The Ojibwa Tribe has written to the museum asking for the scalps to be returned. One on display is decorated with beads and bears a full braid of hair.

Cecil Pavlat, cultural repatriation specialist for the Ojibwe Nation told Deutsche Welle, "It's part of that human being. It'd be no different to cutting a hand off, or an arm and displaying that - it's just not culturally appropriate or even acceptable by most ethnic groups, whether they're Native Americans or not."

Museum director Claudia Kaulfuß said she could not understand the fuss. "The scalps have been in our depot for years," she said.

"We show the history of the Indians and their culture - scalping was part of it as a religious ritual."

She said the museum had only ever received praise from Native Americans who had visited and left comments in the guestbook.

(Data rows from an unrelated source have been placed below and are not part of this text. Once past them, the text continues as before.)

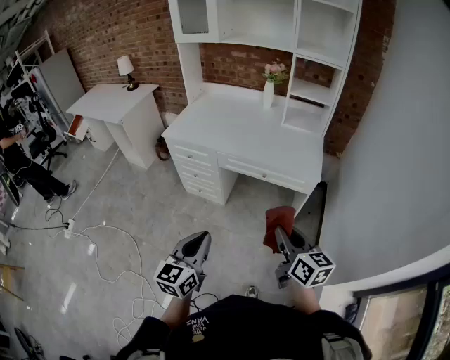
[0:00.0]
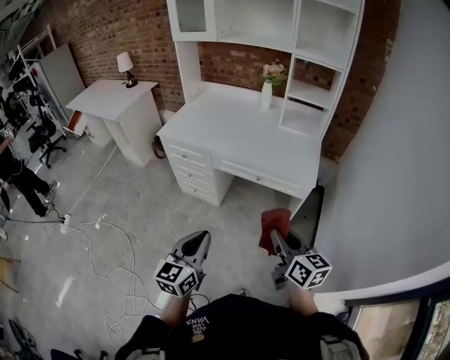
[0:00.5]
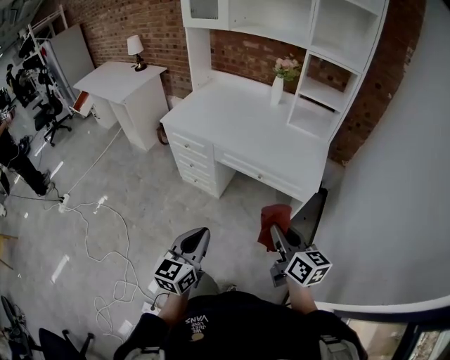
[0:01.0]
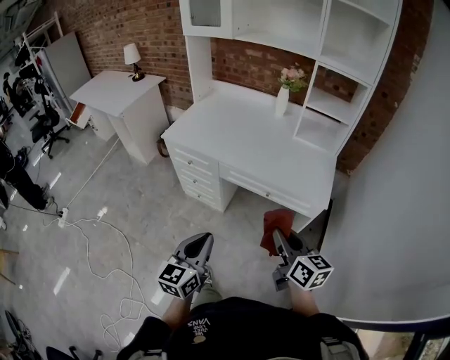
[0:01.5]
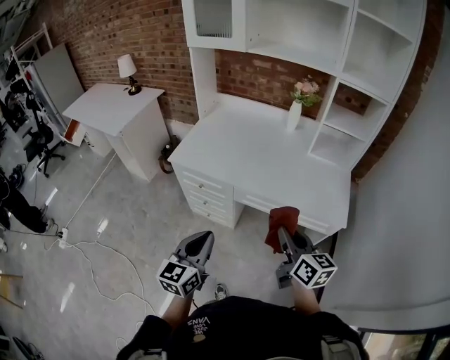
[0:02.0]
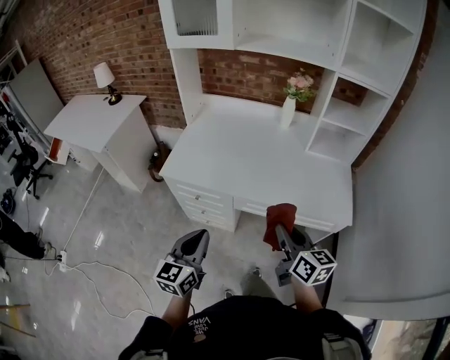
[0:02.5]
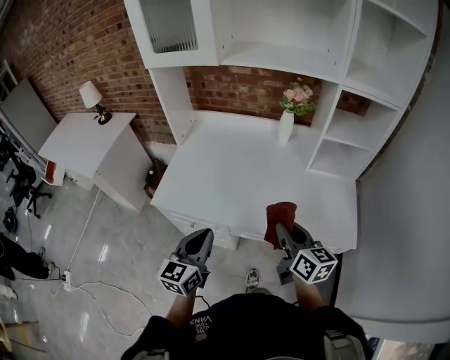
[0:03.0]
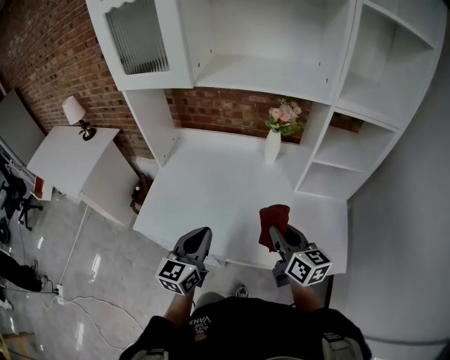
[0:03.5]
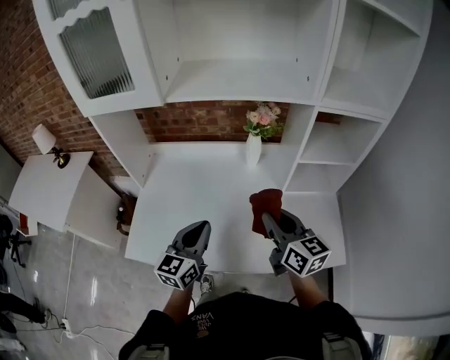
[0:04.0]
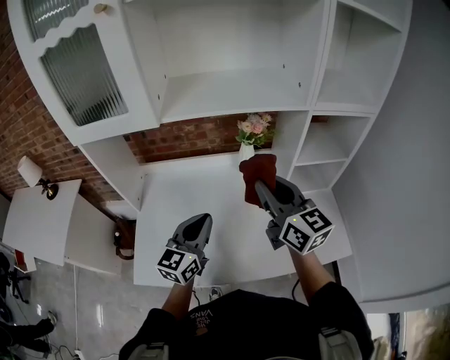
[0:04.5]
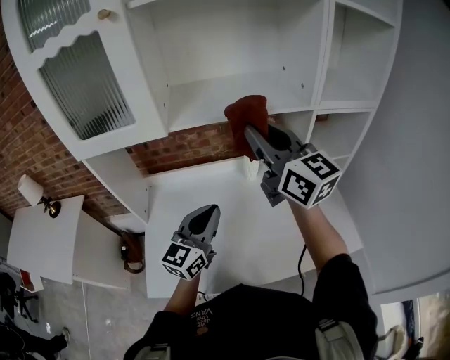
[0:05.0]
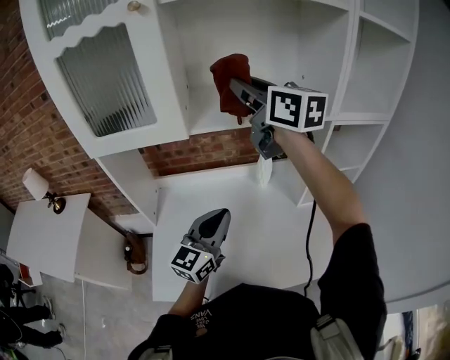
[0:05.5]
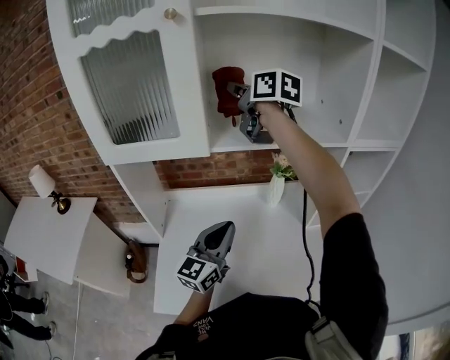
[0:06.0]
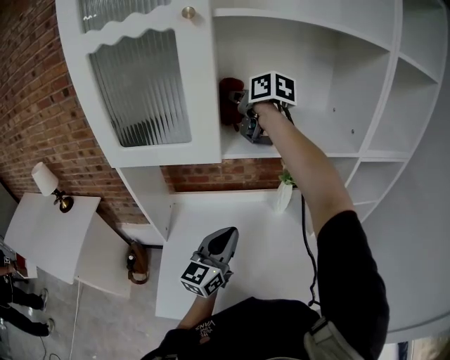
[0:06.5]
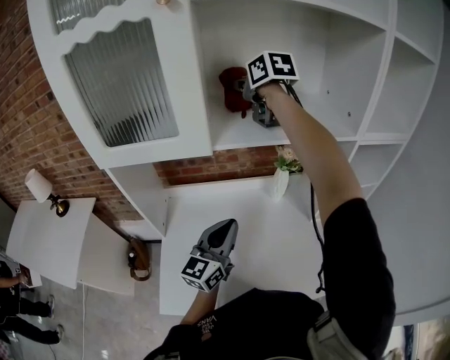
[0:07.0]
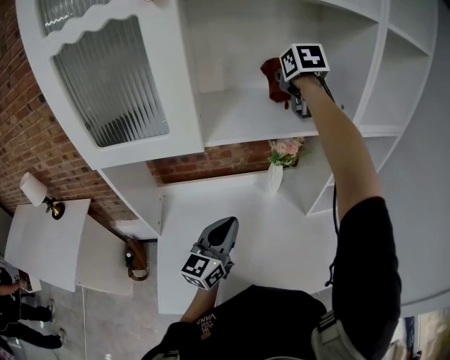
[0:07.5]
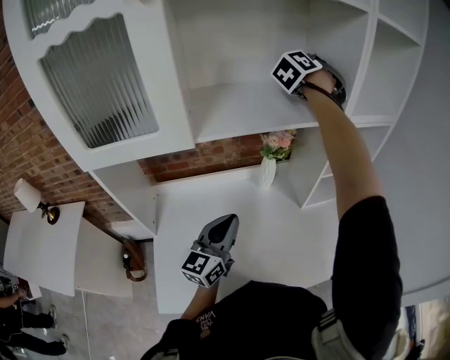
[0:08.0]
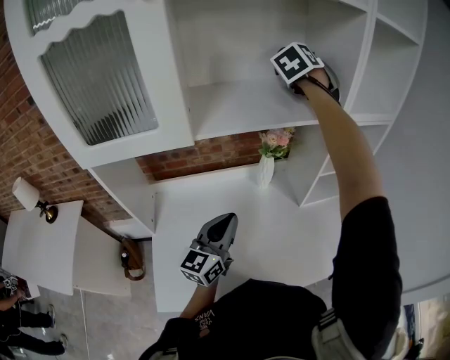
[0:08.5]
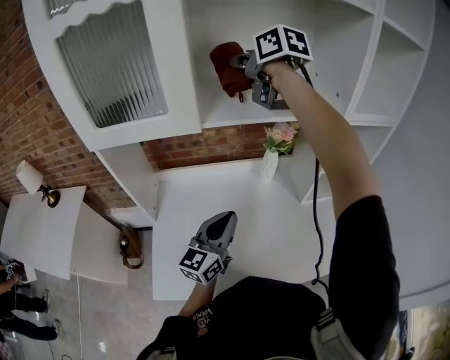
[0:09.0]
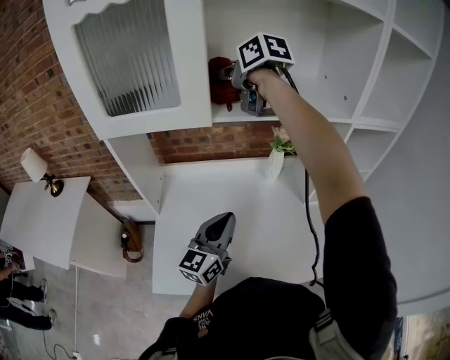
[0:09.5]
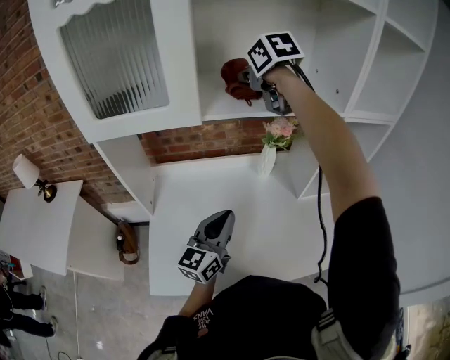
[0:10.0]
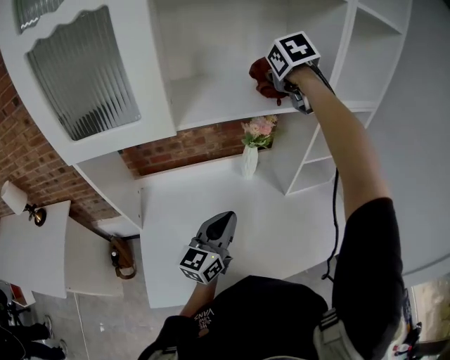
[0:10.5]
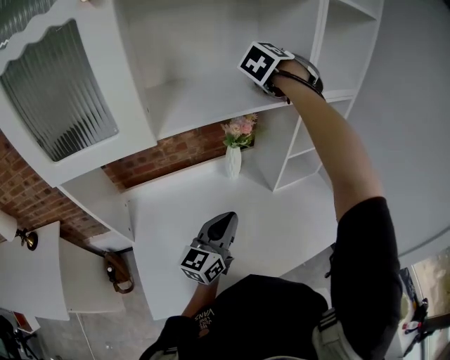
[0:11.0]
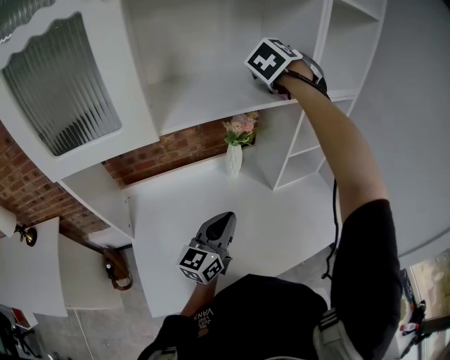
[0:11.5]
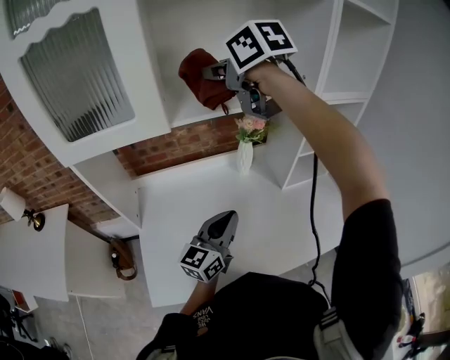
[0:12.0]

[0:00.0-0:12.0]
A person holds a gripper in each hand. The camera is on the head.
0:00.0 to 0:02.0: Both grippers travel together forward, roughly 25 cm.
0:02.0 to 0:04.0: Both grippers travel together forward, about 40 cm.
0:04.0 to 0:06.0: The left gripper is displaced forward, to the left and upward by approximately 15 cm. Meanwhile the right gripper is displaced forward, upward and to the left by approximately 50 cm.
0:06.0 to 0:08.0: The right gripper shifts by about 25 cm, and turns by about 100 degrees.
0:08.0 to 0:10.0: The right gripper changes place by roughly 25 cm, and changes its angle by roughly 70 degrees.
0:10.0 to 0:12.0: The left gripper ends up roughly 5 cm from where it was.

But Pavlat told Deutsche Welle the display was also misrepresentative of Native American culture. "That's the way we view it, as ancestral remains, even speaking the word 'scalps' - it creeps me out.

"Some say that this was a practice created by our people. History tells us that this has been practiced throughout history in other places, including Europe."

The scalps were bought in 1904 from the Ojibwa Tribe for three bottles of booze and $1,100 by artist Ernst Tobis, who used the name Patty Frank. It was his collection of objects which formed the museum in 1928.

The US Cultural Attaché sent a representative to the museum recently to relay the tribe's concerns about the artefacts, but was told the museum would respond only to direct contact with the Native Americans themselves.